You know what? I think I will assume that fetal position I was talking about earlier. I'll just leave all this in the word processor until I feel well enough to come back. See you soon, everyone.

Demon's/Dark Souls

It's us. The livestream audience. We're the dark souls. Well, us and Vinny.
It's us. The livestream audience. We're the dark souls. Well, us and Vinny.

Now Dark Souls is perhaps one of the least constrained games in recent memory, even compared to the many open-world games available like Skyrim or GTA V. Those games had far stricter storylines to follow, for one thing, and while Dark Souls does ask that you defeat certain bosses in a certain order to reach its end, it doesn't give you any particular guidelines for doing so. Almost to its detriment, even. So how does player choice and the illusion of same factor into From Software's gothic RPG series?

Well, in this case the player choice is illusionary simply because everyone who completes the game feels like they chose the correct path from a pool of multiple inferior ones. That the way they defeated the game is ideal; the rest all pale imitations of the "One True Path". It is an illusion, of course, because we know enough about the nature of Dark Souls (and to much the same extent its predecessor Demon's Souls) that the player is entirely free to choose whichever build and weapon and tactics suit them best and could still feasibly power through to the end regardless of the level of challenge presented. Tanking isn't for everyone, not everyone likes the weird little awkward lunges that the halberd makes nor do they necessarily appreciate the weapon's speed, not everyone's going to go fight the Moonlight Butterfly or go through the Catacombs immediately just because they happen to be accessible early in the game and people are still going to assume there are stats other than Endurance worth pouring their stat points into.
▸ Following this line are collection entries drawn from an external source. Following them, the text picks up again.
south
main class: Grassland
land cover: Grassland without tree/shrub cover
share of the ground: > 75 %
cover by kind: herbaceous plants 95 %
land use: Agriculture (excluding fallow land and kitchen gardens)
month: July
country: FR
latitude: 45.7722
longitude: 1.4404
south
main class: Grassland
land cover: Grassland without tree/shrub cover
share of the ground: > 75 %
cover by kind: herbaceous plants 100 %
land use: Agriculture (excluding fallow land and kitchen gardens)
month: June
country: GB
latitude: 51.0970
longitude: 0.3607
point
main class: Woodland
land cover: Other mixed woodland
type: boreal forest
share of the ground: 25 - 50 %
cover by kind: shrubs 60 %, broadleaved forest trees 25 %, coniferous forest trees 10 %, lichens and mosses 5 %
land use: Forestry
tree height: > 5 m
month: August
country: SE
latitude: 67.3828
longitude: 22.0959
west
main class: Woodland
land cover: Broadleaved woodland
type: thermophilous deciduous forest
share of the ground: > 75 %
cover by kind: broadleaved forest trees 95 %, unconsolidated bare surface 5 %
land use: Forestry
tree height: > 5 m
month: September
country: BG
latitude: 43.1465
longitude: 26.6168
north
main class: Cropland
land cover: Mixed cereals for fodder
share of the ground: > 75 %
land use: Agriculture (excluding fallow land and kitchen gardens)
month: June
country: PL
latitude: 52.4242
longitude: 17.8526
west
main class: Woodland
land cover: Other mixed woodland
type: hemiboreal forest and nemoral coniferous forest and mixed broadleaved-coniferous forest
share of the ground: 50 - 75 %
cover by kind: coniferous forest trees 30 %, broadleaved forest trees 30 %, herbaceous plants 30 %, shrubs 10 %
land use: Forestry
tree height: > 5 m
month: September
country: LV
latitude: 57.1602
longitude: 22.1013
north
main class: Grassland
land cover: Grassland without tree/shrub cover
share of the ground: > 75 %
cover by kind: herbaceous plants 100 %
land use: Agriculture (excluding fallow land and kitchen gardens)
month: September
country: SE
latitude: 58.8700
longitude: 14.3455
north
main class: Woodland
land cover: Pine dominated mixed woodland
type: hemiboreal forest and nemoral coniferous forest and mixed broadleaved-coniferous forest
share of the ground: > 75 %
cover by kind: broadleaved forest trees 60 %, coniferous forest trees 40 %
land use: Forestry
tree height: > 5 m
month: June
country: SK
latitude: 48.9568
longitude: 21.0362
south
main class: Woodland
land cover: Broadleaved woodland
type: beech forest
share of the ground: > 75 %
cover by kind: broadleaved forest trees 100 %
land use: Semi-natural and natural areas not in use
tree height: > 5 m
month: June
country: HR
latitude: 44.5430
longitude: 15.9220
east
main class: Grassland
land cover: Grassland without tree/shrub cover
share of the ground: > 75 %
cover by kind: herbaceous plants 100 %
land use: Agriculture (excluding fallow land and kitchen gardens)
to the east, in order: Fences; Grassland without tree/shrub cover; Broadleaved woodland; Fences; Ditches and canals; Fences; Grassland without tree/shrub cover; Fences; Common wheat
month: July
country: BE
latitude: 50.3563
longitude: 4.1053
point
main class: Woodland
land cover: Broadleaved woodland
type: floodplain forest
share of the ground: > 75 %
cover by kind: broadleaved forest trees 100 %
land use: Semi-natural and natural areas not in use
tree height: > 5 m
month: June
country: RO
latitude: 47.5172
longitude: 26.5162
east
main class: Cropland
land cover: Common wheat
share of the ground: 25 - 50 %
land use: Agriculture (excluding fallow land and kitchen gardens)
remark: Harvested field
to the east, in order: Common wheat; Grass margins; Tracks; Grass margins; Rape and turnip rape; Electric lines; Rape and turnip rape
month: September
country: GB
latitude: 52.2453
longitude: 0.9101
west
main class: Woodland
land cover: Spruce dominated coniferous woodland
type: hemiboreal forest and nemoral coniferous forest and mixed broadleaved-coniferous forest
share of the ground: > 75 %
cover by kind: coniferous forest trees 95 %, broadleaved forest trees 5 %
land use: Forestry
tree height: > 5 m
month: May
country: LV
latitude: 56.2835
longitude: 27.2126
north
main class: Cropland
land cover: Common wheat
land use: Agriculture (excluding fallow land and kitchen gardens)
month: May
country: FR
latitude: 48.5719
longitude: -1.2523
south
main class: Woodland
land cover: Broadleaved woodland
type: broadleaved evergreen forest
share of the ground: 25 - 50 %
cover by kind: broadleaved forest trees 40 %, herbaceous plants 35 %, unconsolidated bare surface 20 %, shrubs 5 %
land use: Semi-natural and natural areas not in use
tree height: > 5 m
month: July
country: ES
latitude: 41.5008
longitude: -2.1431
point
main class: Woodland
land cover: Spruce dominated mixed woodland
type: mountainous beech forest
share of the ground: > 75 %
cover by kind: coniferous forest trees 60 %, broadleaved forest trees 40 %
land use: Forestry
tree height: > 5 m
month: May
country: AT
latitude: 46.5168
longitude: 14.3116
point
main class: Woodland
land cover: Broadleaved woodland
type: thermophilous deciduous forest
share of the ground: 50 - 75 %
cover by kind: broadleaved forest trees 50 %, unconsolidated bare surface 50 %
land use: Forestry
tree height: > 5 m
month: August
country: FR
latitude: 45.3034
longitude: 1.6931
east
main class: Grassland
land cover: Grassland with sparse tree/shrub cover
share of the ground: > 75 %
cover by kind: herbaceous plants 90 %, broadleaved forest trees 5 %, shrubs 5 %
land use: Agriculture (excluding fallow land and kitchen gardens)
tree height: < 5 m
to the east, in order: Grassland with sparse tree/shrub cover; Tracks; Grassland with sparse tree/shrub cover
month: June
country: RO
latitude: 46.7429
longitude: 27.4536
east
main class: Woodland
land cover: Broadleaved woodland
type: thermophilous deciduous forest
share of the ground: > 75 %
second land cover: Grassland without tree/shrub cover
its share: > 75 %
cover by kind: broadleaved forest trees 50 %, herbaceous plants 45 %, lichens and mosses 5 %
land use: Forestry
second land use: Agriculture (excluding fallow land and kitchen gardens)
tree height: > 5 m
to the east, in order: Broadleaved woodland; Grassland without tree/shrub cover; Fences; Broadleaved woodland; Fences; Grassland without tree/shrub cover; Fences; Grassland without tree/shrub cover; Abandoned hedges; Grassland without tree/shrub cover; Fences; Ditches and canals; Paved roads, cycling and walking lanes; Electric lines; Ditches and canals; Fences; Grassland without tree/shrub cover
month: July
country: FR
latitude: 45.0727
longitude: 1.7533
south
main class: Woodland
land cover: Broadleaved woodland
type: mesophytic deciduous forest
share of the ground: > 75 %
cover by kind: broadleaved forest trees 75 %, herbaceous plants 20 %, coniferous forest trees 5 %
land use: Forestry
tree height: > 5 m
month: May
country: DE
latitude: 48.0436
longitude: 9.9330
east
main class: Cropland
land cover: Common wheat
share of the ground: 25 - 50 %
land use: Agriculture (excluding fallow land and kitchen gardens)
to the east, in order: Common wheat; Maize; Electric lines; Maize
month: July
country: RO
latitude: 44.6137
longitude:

And that's fine. But for some reason, so many of us have convinced ourselves of which is the better choice of equipment or the dominant strategy for a specific boss encounter based on the study of their AI and statistical weaknesses made by dozens of previous players, that we'll scream and yell, internally or externally, at those still in the midst of their journey to "play it right, goddammit".

Black phantoms usually take a more demonstrative method of proving why your current equipment load-out is insufficient.
Black phantoms usually take a more demonstrative method of proving why your current equipment load-out is insufficient.

This was never made more evident this past month than by watching the streams of Patrick Klepek, Jeff Green and Brad Shoemaker (the last of whom is playing Demon's, rather than Dark). Jeff especially, since he would often take to the Twitch chat or a NeoGAF thread on the topic in times of need. Everyone had an idea of what he ought to be doing, but so often these pro-tips would clash and contradict each other as everyone scrambled to put forward their preferred method for getting through a particular scenario. Whether Patrick was cognizant of this discordance or not, his laissez-faire approach to the game and its many advisers served him well, but a small fraction of his viewers would constantly wonder how much of the game he read up on in advance, especially when he would proceed to breeze through difficult encounters with ease. The grandest trick that Dark Souls pulls has nothing to do with its well-hidden treasures or illusionary walls, but in how it convinces players that their path, either divined by the ongoing internet groupthink or entirely of their own conception, is not only the correct one but the sole correct one. We know, deep down, this isn't true. So then why do we scream at Brad to go after the Crescent Falchion instead of attempting to fight the World 4-1 boss again?

That's enough words for today. I'm still too depressed from this morning. Good thing we have Unprofessional Fridays to look forward to later today, I could use it. Thanks for stopping by, and I'm sorry it was such a buzzkill. I'm usually so chipper I swear.